Feeling on Film

I loved Terri Warpinski’s work. We had much more time to listen to her than David so I’m just going to talk about her in this post. It’s so surprising to me that she didn’t discover her love for photography until she was almost down with her undergraduate career. I guess there are things I’ve come to later in life that I previously never would’ve been interested in, like the 3D art class I took last term. I love how she also works in a mixed/multimedia way that’s almost more than photography. 

Her piece “The Myth of Me, IV” (1982) shows this expansion on photography really well. It was so dark and introspective and amazing that she pulled all of that out of a photograph. In the lecture she said with this piece she was exploring how pathologies are rooted in reality but are also connected and pulled into the magical and the beyond. This was such an original and interesting expansion on the otherwise dark idea of “pathology”, and I loved that she explored it with her own body. 

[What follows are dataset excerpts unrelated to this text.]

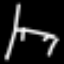
Label: chair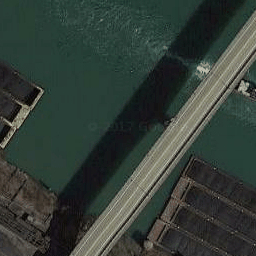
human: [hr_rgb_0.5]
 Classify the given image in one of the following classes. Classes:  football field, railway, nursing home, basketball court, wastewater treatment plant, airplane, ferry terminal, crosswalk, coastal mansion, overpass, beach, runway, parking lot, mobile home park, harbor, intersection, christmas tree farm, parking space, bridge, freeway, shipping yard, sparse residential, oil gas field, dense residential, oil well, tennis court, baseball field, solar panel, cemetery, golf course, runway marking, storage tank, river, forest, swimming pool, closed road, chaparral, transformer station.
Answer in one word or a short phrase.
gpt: bridge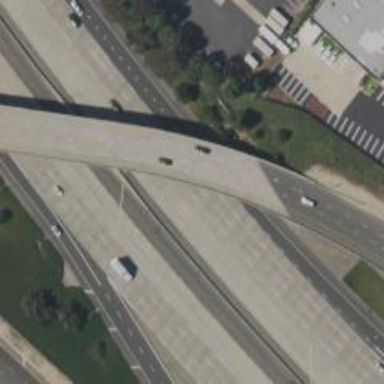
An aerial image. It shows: Primary highway bridge.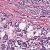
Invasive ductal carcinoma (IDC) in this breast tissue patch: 1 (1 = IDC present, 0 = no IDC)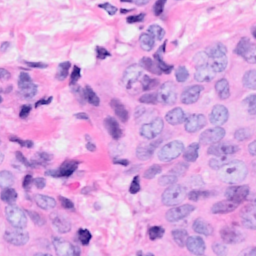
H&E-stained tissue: Breast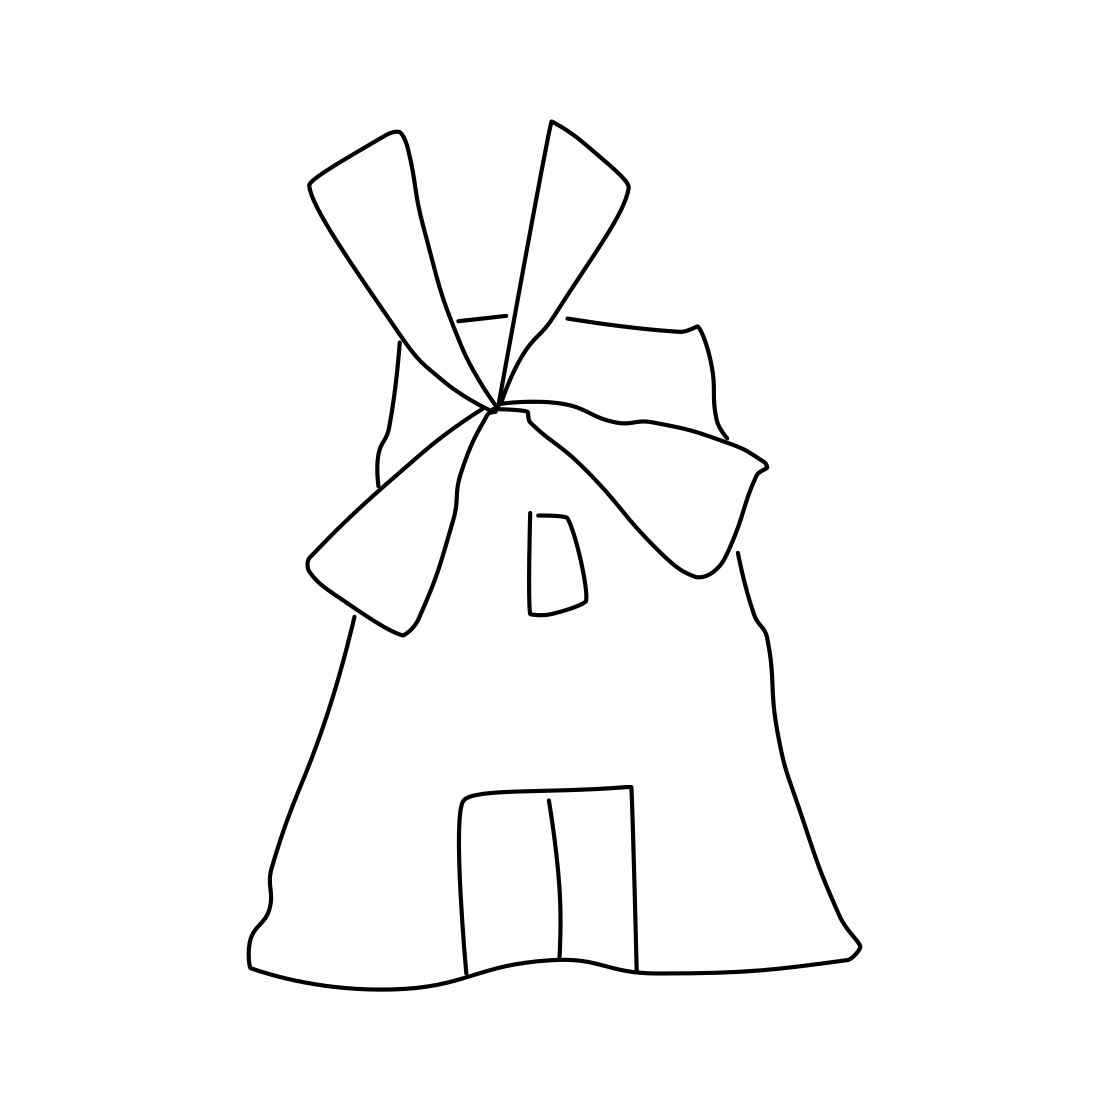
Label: windmill

Constant Movement, Pike Creek Formation, 2001

I also lovedddd “Winter solstice, Sunrise/Moonset Zabriskie point” (1989) from the Fragments series. She doesn’t have that exact one on her website so I attached one of the other “Fragments” that is fairly similar. I think the reason I’m so attracted to these pieces is the way that Photography is seen as truth-telling and documentation, but by building multiple photos on top of each other and drawing and sketching to enhance them, she’s acknowledging that photographs cannot tell the full truth, and some times cannot be captured solely in photographs. For that reason, her “Fragments” series feels like it captures the feeling of being in nature more than just exactly what it looks like.
Pike Creek Sun Salutation, 2006

Comments

  1. I'm also impressed by how Terri works in a mixed/multimedia way, which is more than only photography. I choose her fragment series photography in my blog post too. I feel that using several pieces to form a big picture is really interesting, and maybe "big enough" to make us feel like we are in the nature.